Non-native substrates represent a significant fraction of renewable and inexpensive feedstocks. Little work has been done to explore the benefits of integrating cellular regulatory control over heterologous assimilation pathways. Therefore, goal of this work is to 1) demonstrate that cellular decision-making when used to couple growth-related processes with non-native substrate assimilation has significant benefits in generating strains of baker?s yeast that can rapidly grow on any number of structurally diverse substrates, and 2) that these insights can be leveraged to develop a universal platform to engineer and optimize growth on non-native substrates. The platform developed here will also enable functional genomics studies to identify modulators of non-native substrate metabolism in a manner not possible in the past. It is anticipated that the outcomes from the project will extend beyond baker's yeast and the substrates that are the focus of this project since the paradigm developed here is expected to aid similar efforts with other industrially relevant microbes.

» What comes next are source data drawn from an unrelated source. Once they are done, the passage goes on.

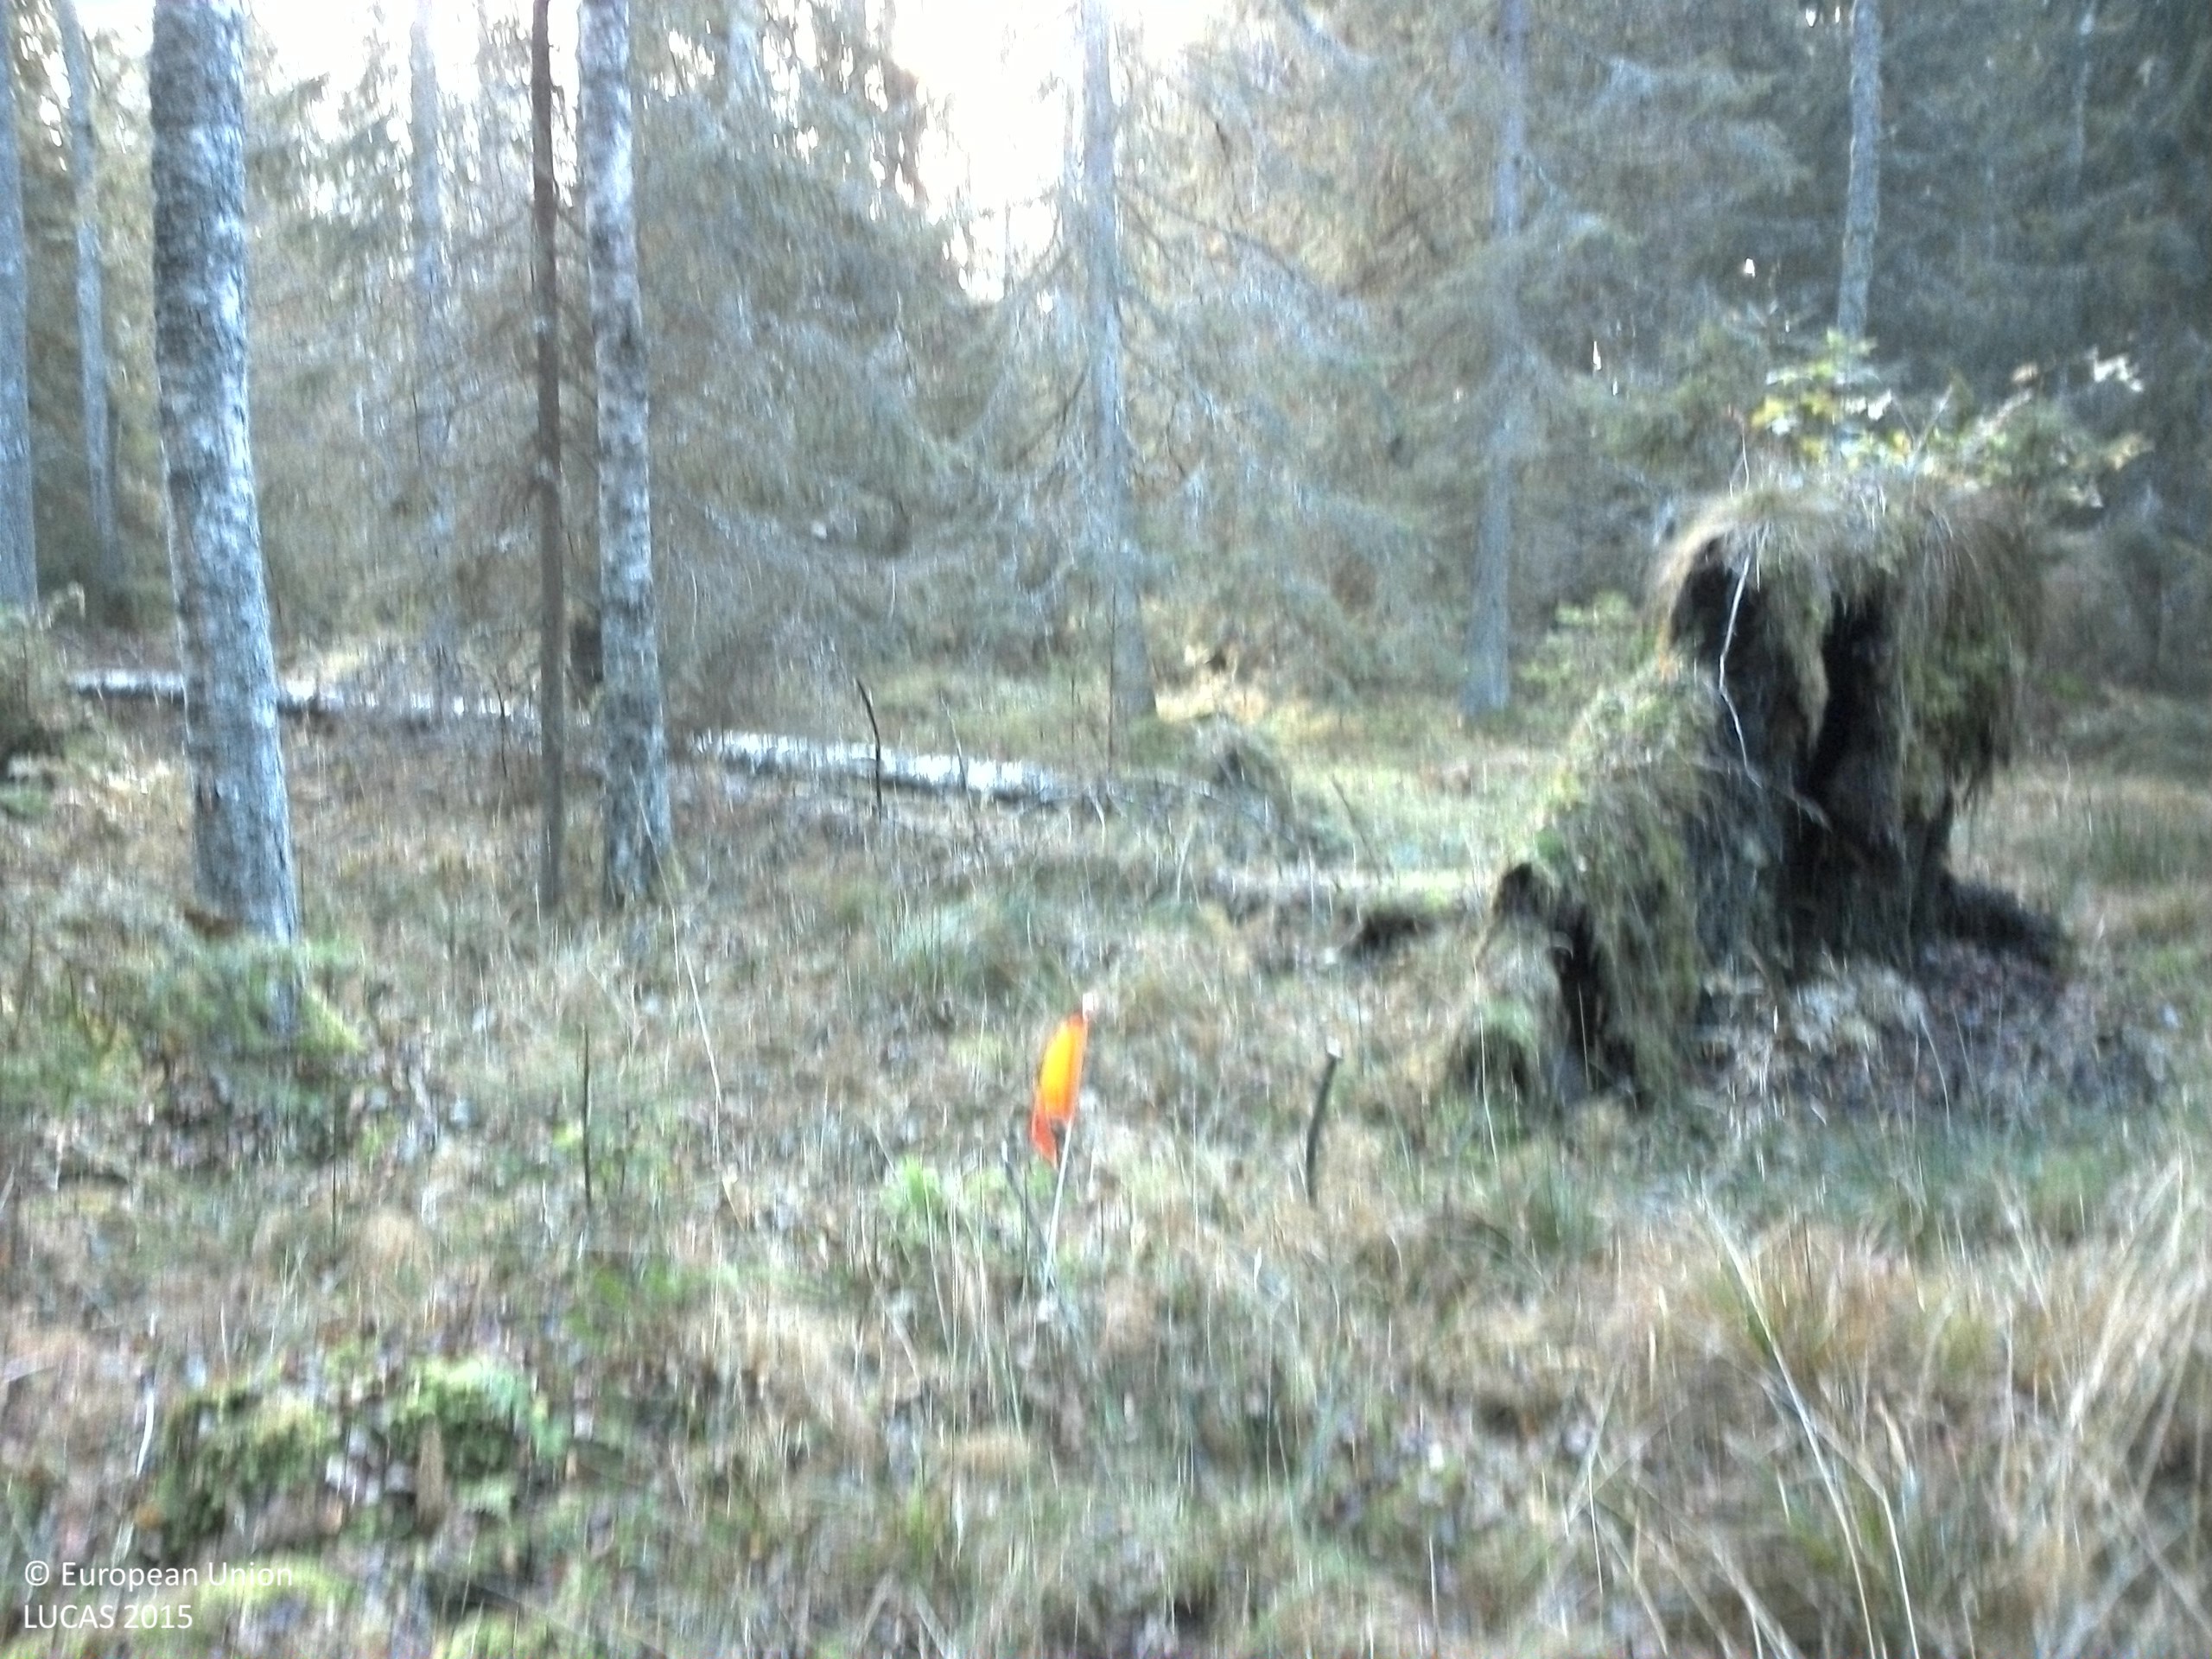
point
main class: Woodland
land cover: Other mixed woodland
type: boreal forest
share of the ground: 50 - 75 %
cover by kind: coniferous forest trees 35 %, broadleaved forest trees 30 %, shrubs 15 %, herbaceous plants 15 %, lichens and mosses 5 %
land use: Forestry
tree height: > 5 m
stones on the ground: < 10 %
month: November
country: SE
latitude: 57.9447
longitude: 14.5390
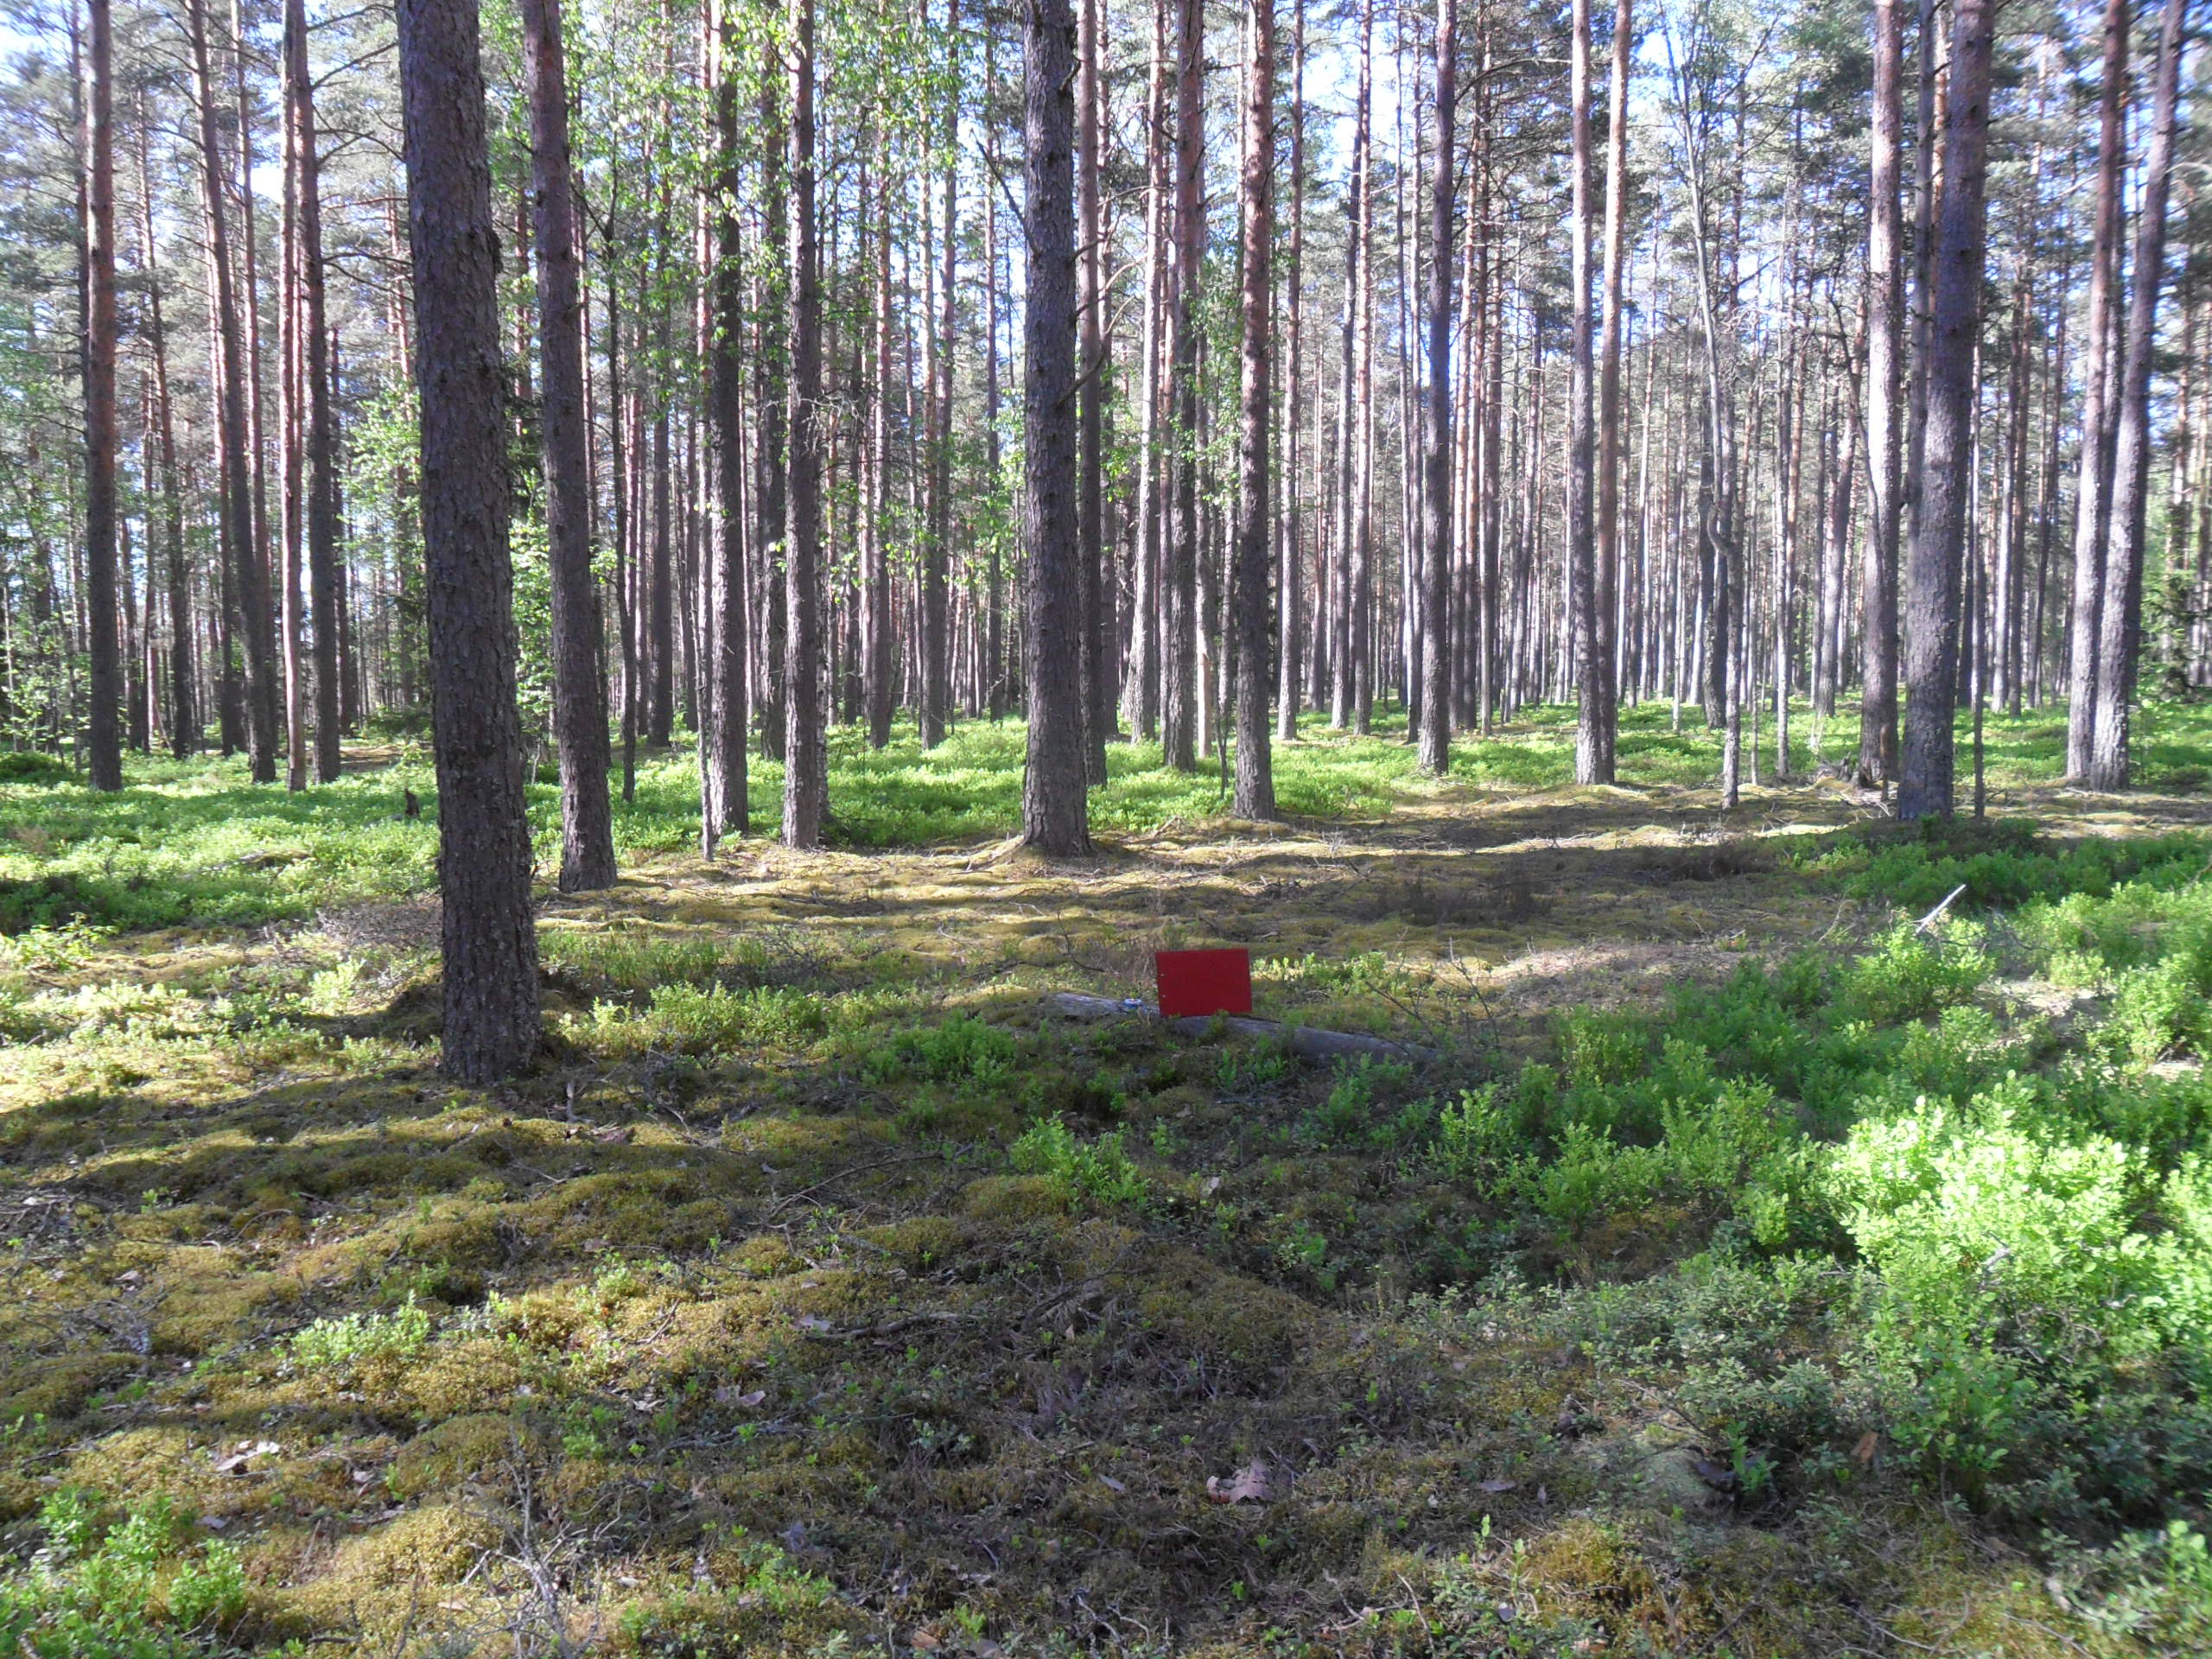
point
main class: Woodland
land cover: Pine dominated coniferous woodland
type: hemiboreal forest and nemoral coniferous forest and mixed broadleaved-coniferous forest
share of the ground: > 75 %
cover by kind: coniferous forest trees 90 %, herbaceous plants 10 %
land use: Forestry
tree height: > 5 m
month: June
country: LV
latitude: 57.5667
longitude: 22.2355

This award reflects NSF's statutory mission and has been deemed worthy of support through evaluation using the Foundation's intellectual merit and broader impacts review criteria.
PROJECT OUTCOMES REPORT
Disclaimer
This Project Outcomes Report for the General Public is displayed verbatim as submitted by the Principal Investigator (PI) for this award. Any opinions, findings, and conclusions or recommendations expressed in this Report are those of the PI and do not necessarily reflect the views of the National Science Foundation; NSF has not approved or endorsed its content.
To realize a sustainable bioeconomy, chemicals and fuels must be produced from renewable and cheap raw materials. Inedible plant and agricultural biomass (e.g., stems, roots, leaves) are highly desirable for this purpose since they are abundant, cheap, and inedible. Further, they are often burned to generate energy or composted and if used as feed for biomanufacturing, could generate substances of significantly higher value. In biomanufacturing, E. coli and baker?s yeast (Saccharomyces cerevisiae) are the most well-established cellular systems used to generate useful chemicals from plant biomass. However, neither of these two single celled organisms can utilize all components that make up inedible plant biomass. The work conducted under this NSF grant supported developing novel strains of baker?s yeast that have been engineered to use several of the sugars derived from inedible biomass that they naturally do not consume. Further, the goal of the work was to understand the genetic basis for how to rapidly engineer this yeast to consume sugars that are ?unnatural? to it.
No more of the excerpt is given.